Там он допустил большую ошибку. Хотел снять напряжение болтовней, но не нашел ничего лучшего, как ляпнуть:
— Заглянул в читалку. Там наро-оду!
— Что им надо?
— Прошкино письмо изучают!
Марина взорвалась:
— Ах, так! Читают твою липу? Значит, все-таки ты ее сделал! Боря! Ты слепил фальшивку! Мы сидим и ждем, когда нас уличат, так? Что за… — Девушка осеклась, не в силах подобрать нужного слова.
— Нет, не уличат. Я все сделал правильно. И чернила по старинному рецепту, и печать.

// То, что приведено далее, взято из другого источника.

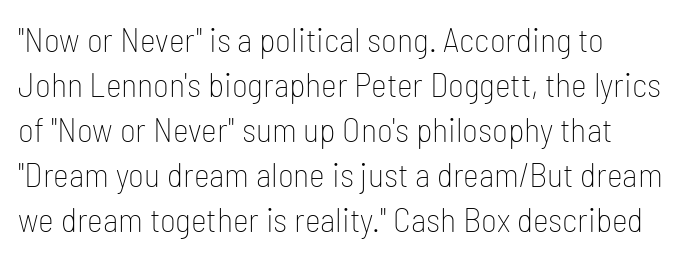
Students, observe: this is what conventionally led text looks like. The letters carry no serifs — their stems end cleanly without finishing strokes. Nobody touched the tracking dial on this one. Beneath every word, the page is bare. A typesetter would mark this as roman, not italic. The font is comparable to plain body text, perhaps lighter.
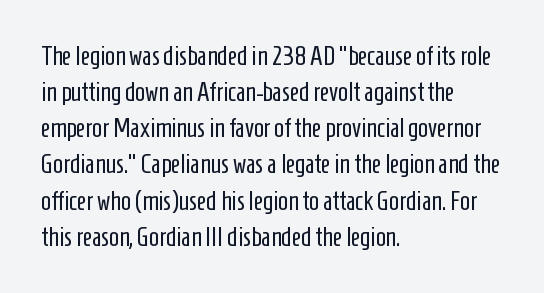
The image shows 26 px text type, upright; set left-aligned, normal line spacing (1.39x), normal letter spacing, not underlined.
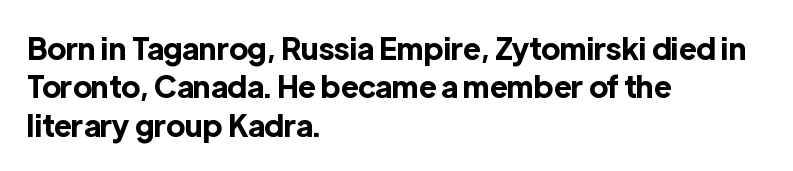
Honestly, there is no underline to notice here at all. The font is running at its bold setting. Successive baselines arrive at the customary interval. Stroke terminals: plain, sans-serif. Looks like regular typesetting: each glyph gets only the width it needs.
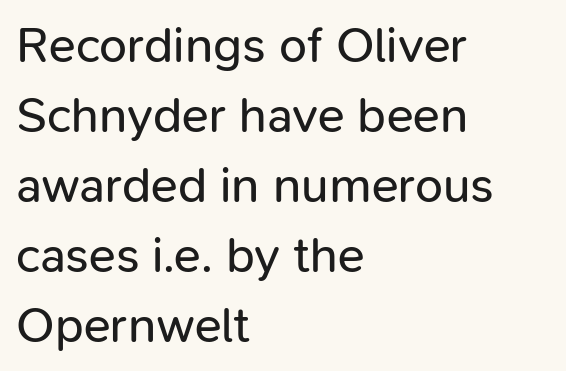
Q: Is the text bold? A: No.
Q: Is the text italic (slanted)? A: No, it is upright.
Q: Is the typeface a serif or a sans-serif typeface? A: Sans-serif.
Q: Is the text underlined? A: No.
Q: How is the paragraph aligned? A: Left-aligned.
Q: Is the spacing between letters normal or unusually wide? A: Normal.
Q: Is the spacing between lines tight, normal or loose? A: Normal.
Q: Width (condensed, normal, or wide)? A: Normal.
Q: Stroke contrast? A: Low.
Q: x-height? A: Medium.
Q: Monospaced? A: No.
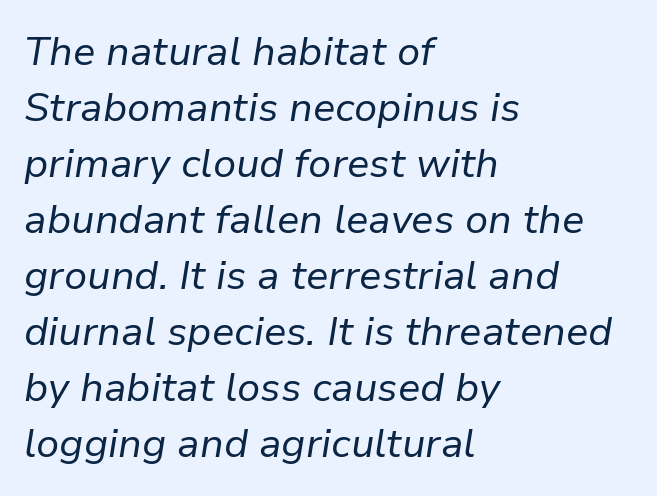
{"italic": "yes", "lean": "right", "slant_degrees": 9, "bold": "no", "weight": "regular", "width": "normal", "stroke_contrast": "low", "x_height": "medium", "monospaced": "no", "underline": "no", "align": "left", "line_spacing": "normal", "line_spacing_ratio": 1.4, "letter_spacing": "normal", "letter_spacing_em": 0.0, "glyph_px": 40}
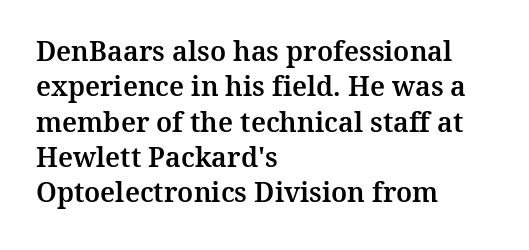
The image shows 27 px text type, upright; set left-aligned, normal line spacing (1.31x), normal letter spacing, not underlined.
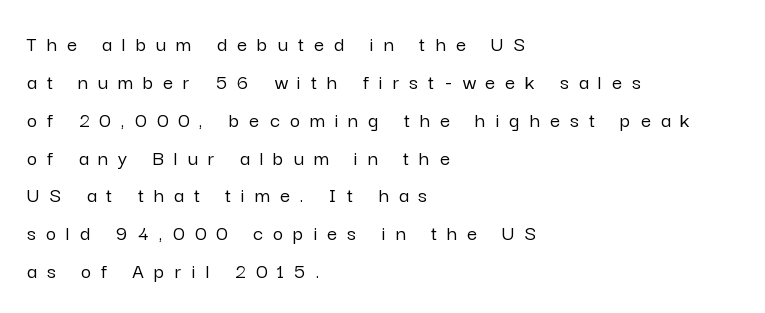
{"italic": "no", "underline": "no", "align": "left", "line_spacing_ratio": 1.72, "letter_spacing": "wide", "letter_spacing_em": 0.46, "glyph_px": 22}

— Неужели ты думаешь, что ученые не сумеют распознать, что письмо поддельное!? Они заберут листок в лабораторию! Я в субботу специально узнавала: есть специальные методы, можно установить дату по органическим процессам в чернилах, по тому, насколько они высохли. В конце концов, ты, что, не слышал выражения «радиоуглеродный анализ»?!
— Слышал.
Боря сел. Про радиоуглеродный анализ он, конечно, знал, но ведь это дорого и долго. А по органическим процессам… Квас, орешки… Они с течением времени… Нет, об этом Боря не подумал!
Он-то ведь надеялся, что документ признают подлинным, но не достоверным! Даже если кто-то и поверит в то, что Петра Первого могли похитить англичане, единственный источник не в состоянии наделать большого шума. Ученые посмеются над этим и забудут, посчитают злополучное письмо шуткой Прошки или Заозёрских. А выходит, что подделку могут взять в лабораторию сегодня же, и завтра станет понятно, что письмо липовое? И тогда начнется следствие.
— Именно так! А ты что думал? — девушка как будто прочитала его мысли.